*** Data Section Begins ***

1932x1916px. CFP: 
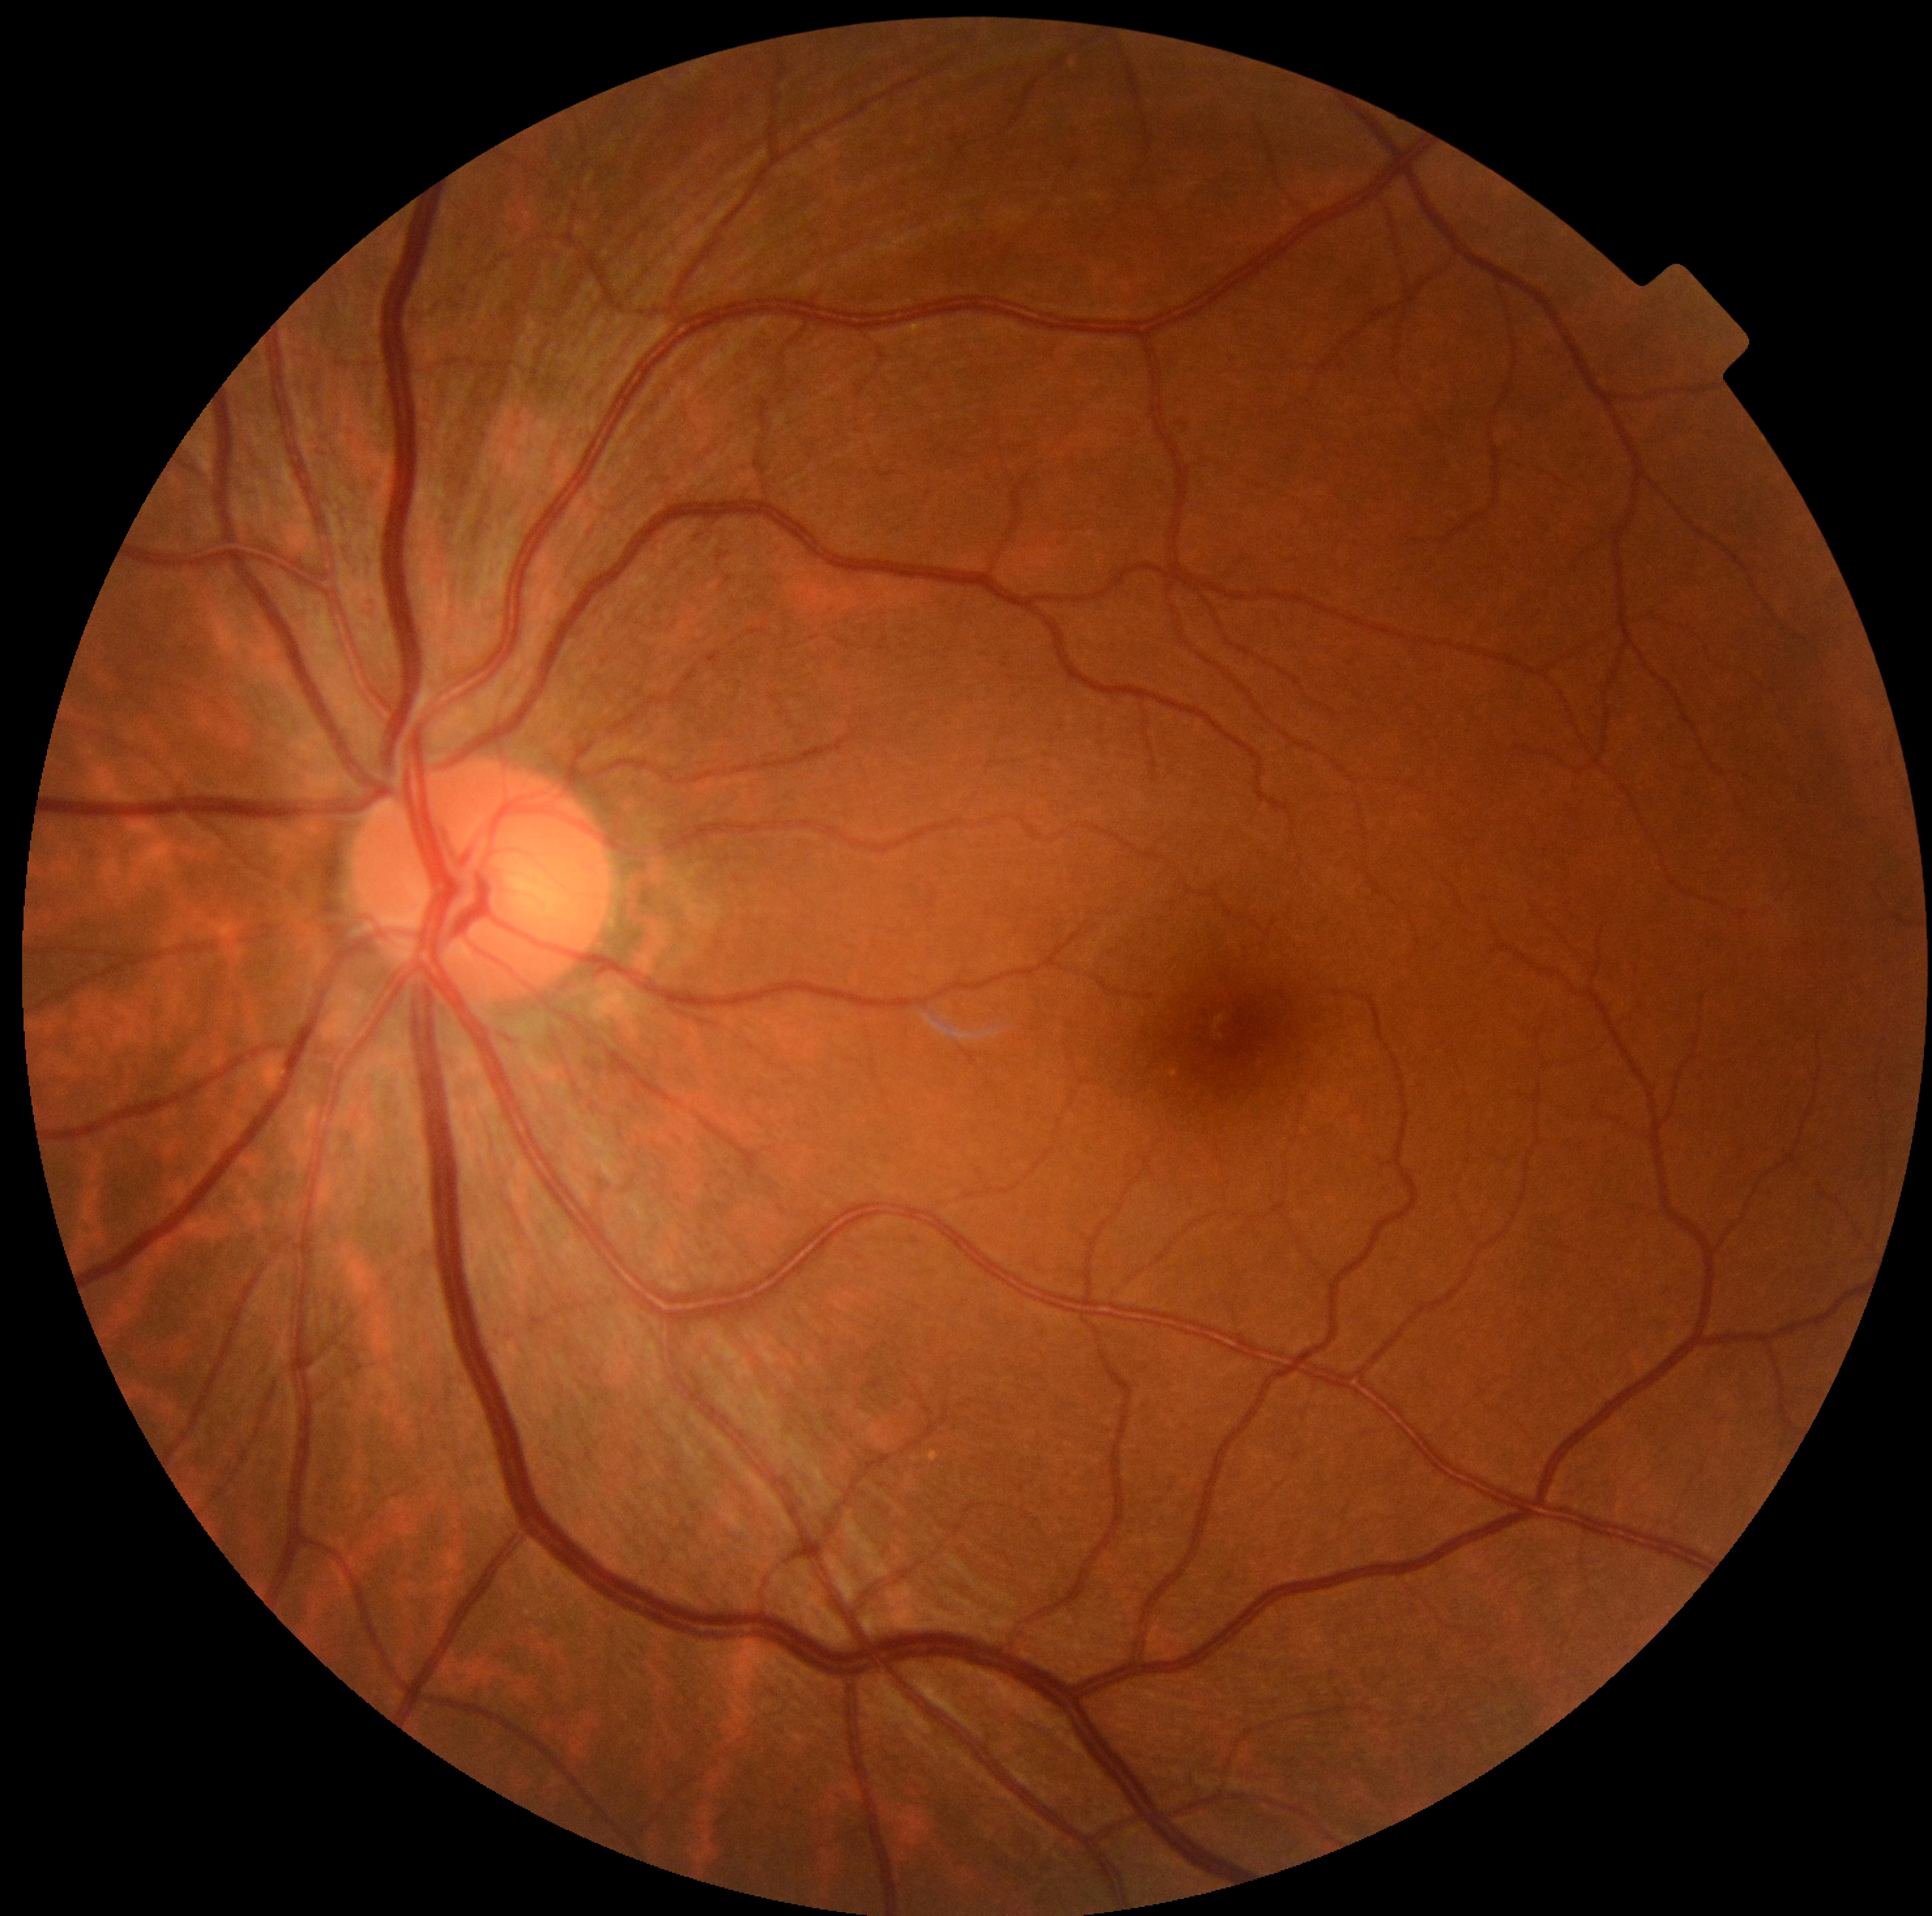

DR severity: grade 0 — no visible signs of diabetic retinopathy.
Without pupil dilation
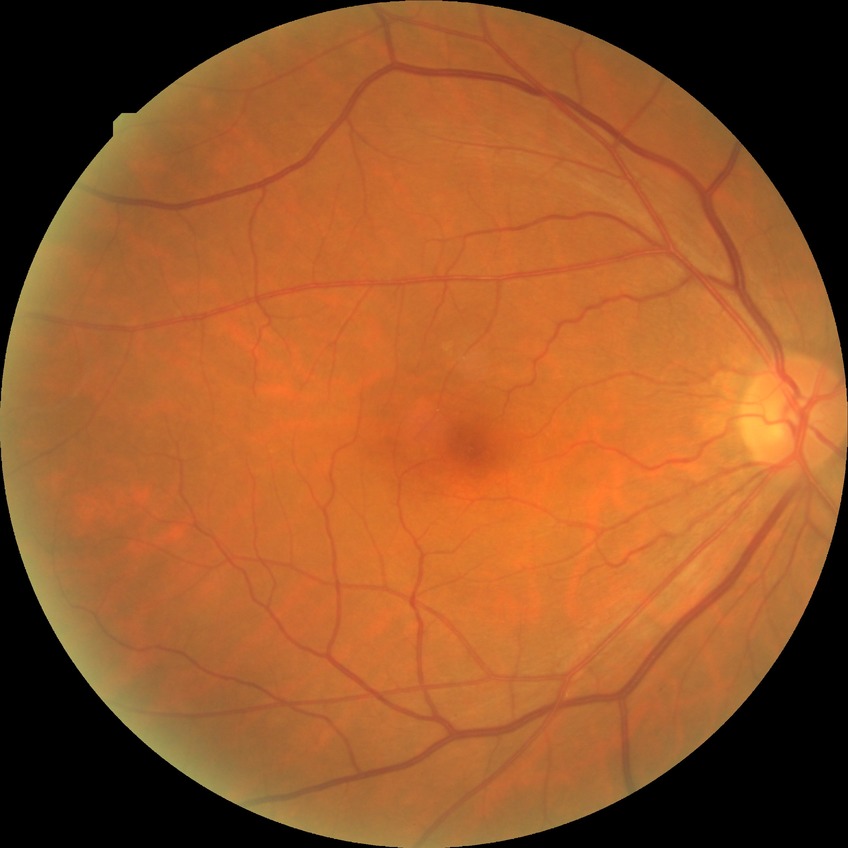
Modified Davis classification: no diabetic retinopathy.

*** Data Section Ends ***

**Exercise objective**. Find the number of lines in the material above that contain the word "retinopathy"; write that number and nothing else.

**Task answer**. 2